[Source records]
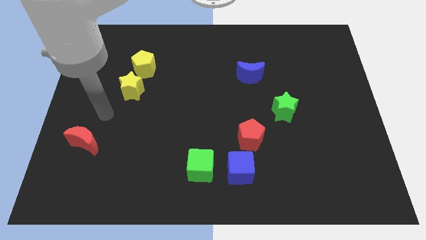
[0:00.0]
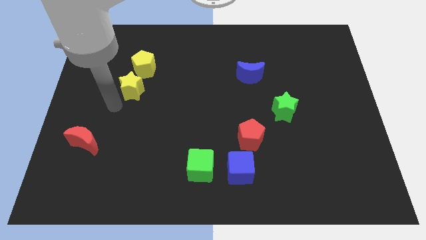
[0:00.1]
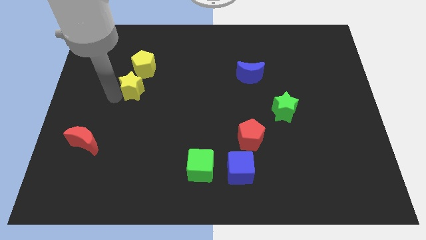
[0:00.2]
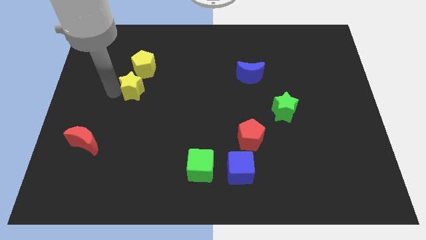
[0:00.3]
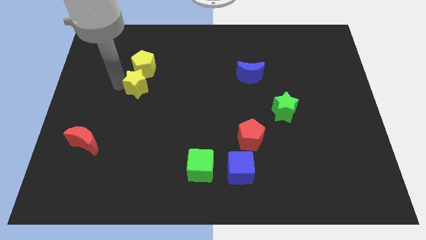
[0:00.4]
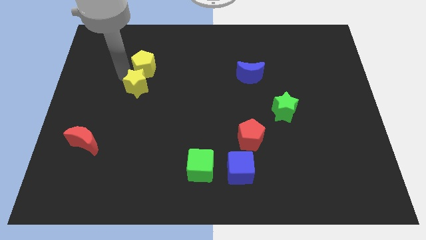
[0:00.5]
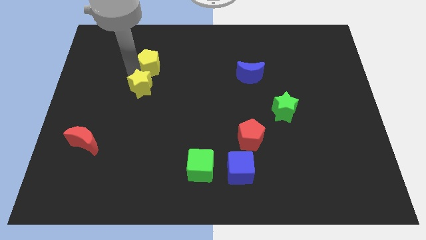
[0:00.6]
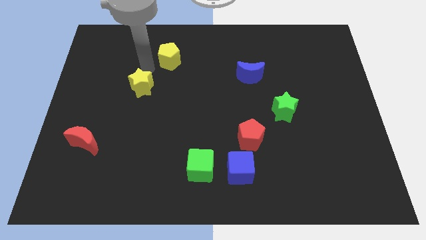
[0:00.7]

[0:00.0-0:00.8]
separate the yellow star from the yellow pentagon

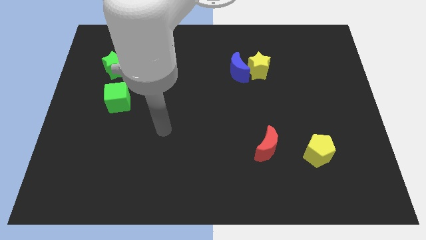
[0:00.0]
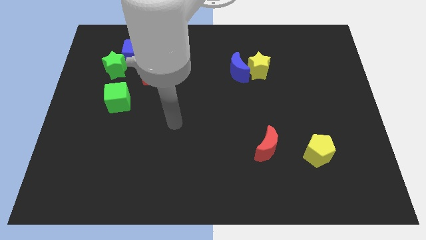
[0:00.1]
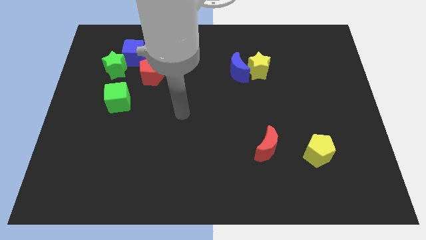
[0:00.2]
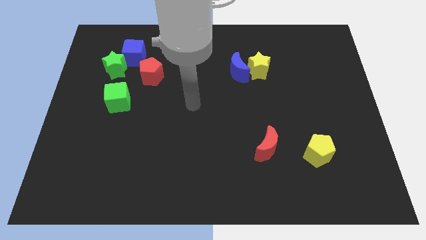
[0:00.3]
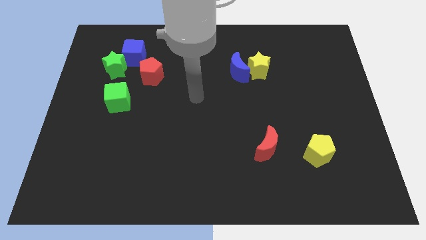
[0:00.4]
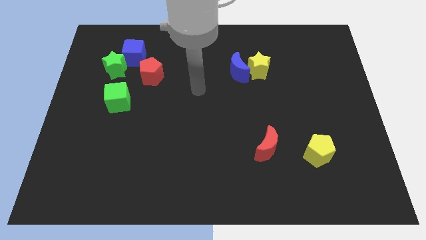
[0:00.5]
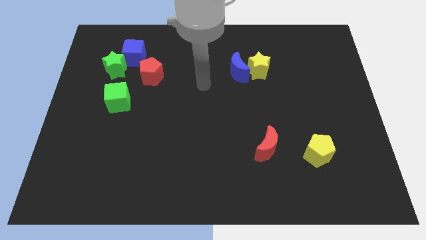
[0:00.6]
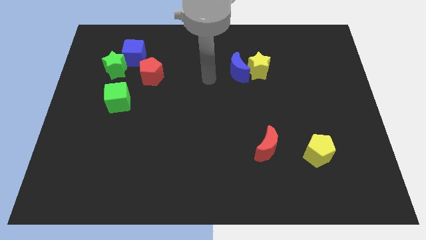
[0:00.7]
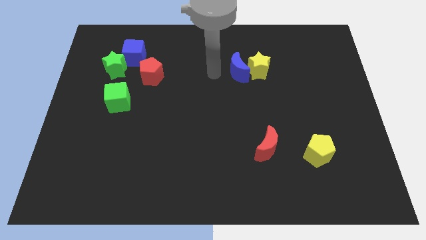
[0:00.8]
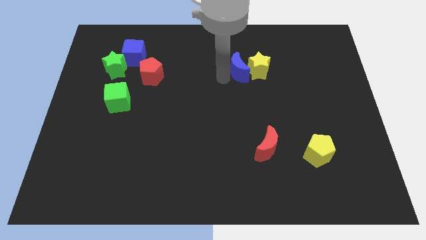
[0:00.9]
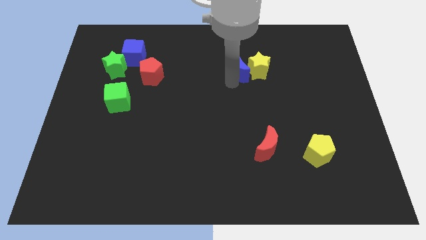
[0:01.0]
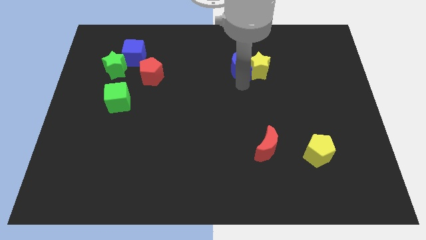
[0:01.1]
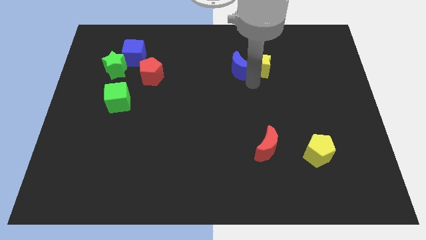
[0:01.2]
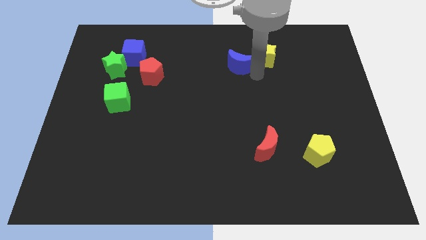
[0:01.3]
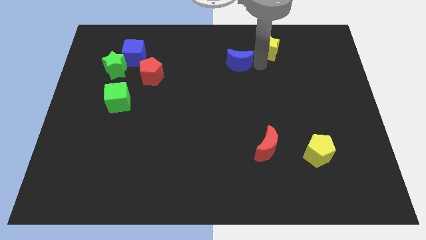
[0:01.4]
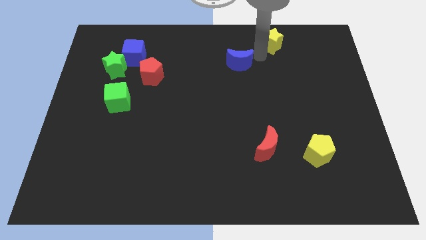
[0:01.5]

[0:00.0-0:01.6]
move the blue moon away from the yellow star

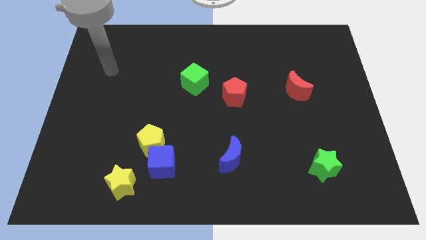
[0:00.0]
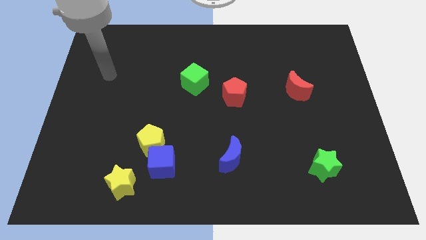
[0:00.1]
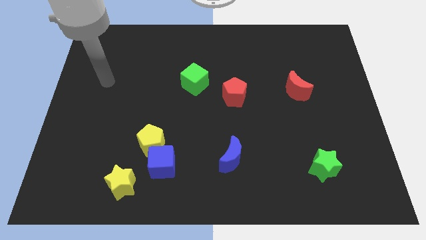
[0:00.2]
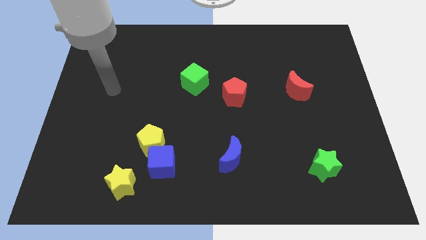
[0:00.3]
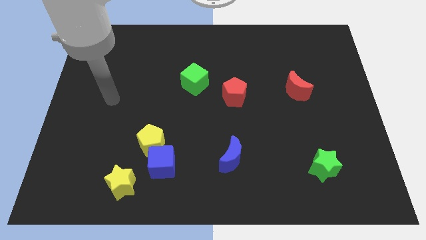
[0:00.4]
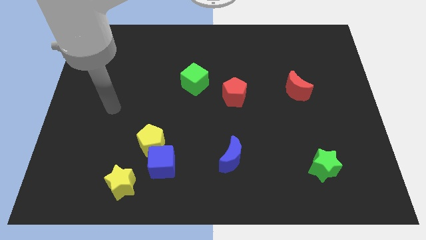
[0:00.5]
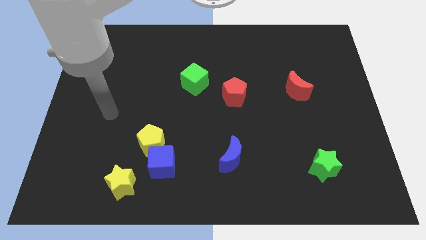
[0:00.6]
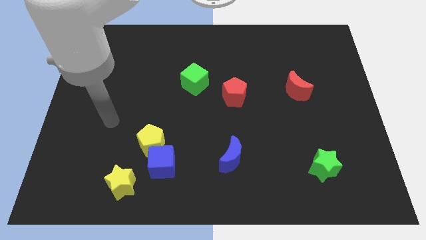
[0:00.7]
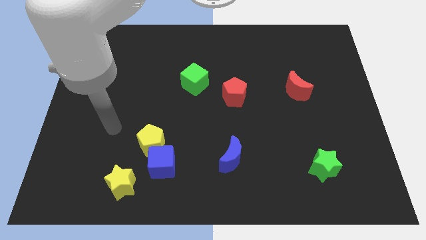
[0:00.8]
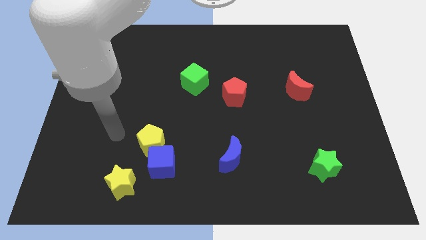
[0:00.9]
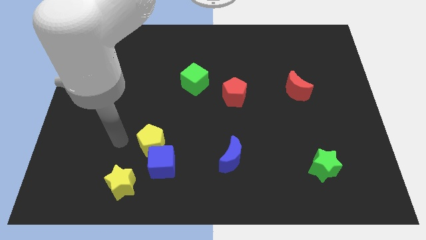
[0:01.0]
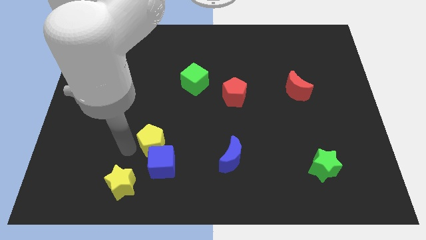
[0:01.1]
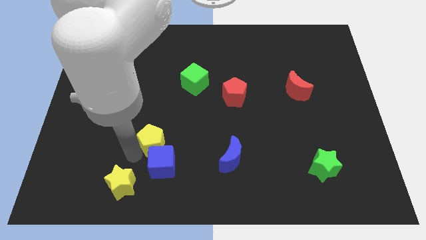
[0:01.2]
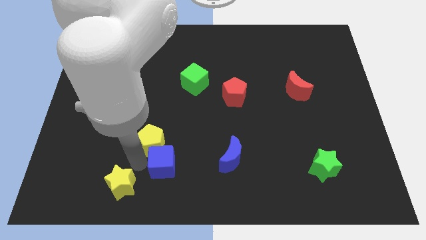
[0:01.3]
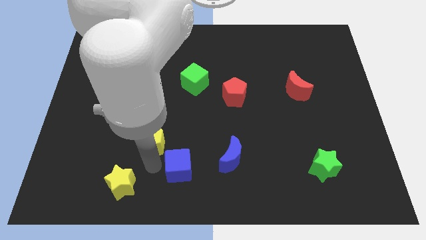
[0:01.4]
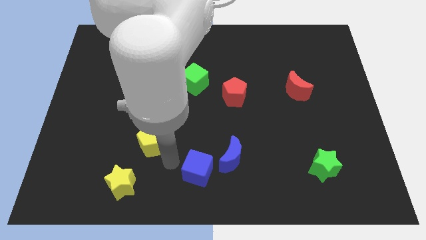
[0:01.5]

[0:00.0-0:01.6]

YOUR ASSIGNMENT:
Type the entries again verbatim. Drop the images.

ANSWER FOR THE TASK:
[0:00.0]
[0:00.1]
[0:00.2]
[0:00.3]
[0:00.4]
[0:00.5]
[0:00.6]
[0:00.7]

[0:00.0-0:00.8]
separate the yellow star from the yellow pentagon

[0:00.0]
[0:00.1]
[0:00.2]
[0:00.3]
[0:00.4]
[0:00.5]
[0:00.6]
[0:00.7]
[0:00.8]
[0:00.9]
[0:01.0]
[0:01.1]
[0:01.2]
[0:01.3]
[0:01.4]
[0:01.5]

[0:00.0-0:01.6]
move the blue moon away from the yellow star

[0:00.0]
[0:00.1]
[0:00.2]
[0:00.3]
[0:00.4]
[0:00.5]
[0:00.6]
[0:00.7]
[0:00.8]
[0:00.9]
[0:01.0]
[0:01.1]
[0:01.2]
[0:01.3]
[0:01.4]
[0:01.5]

[0:00.0-0:01.6]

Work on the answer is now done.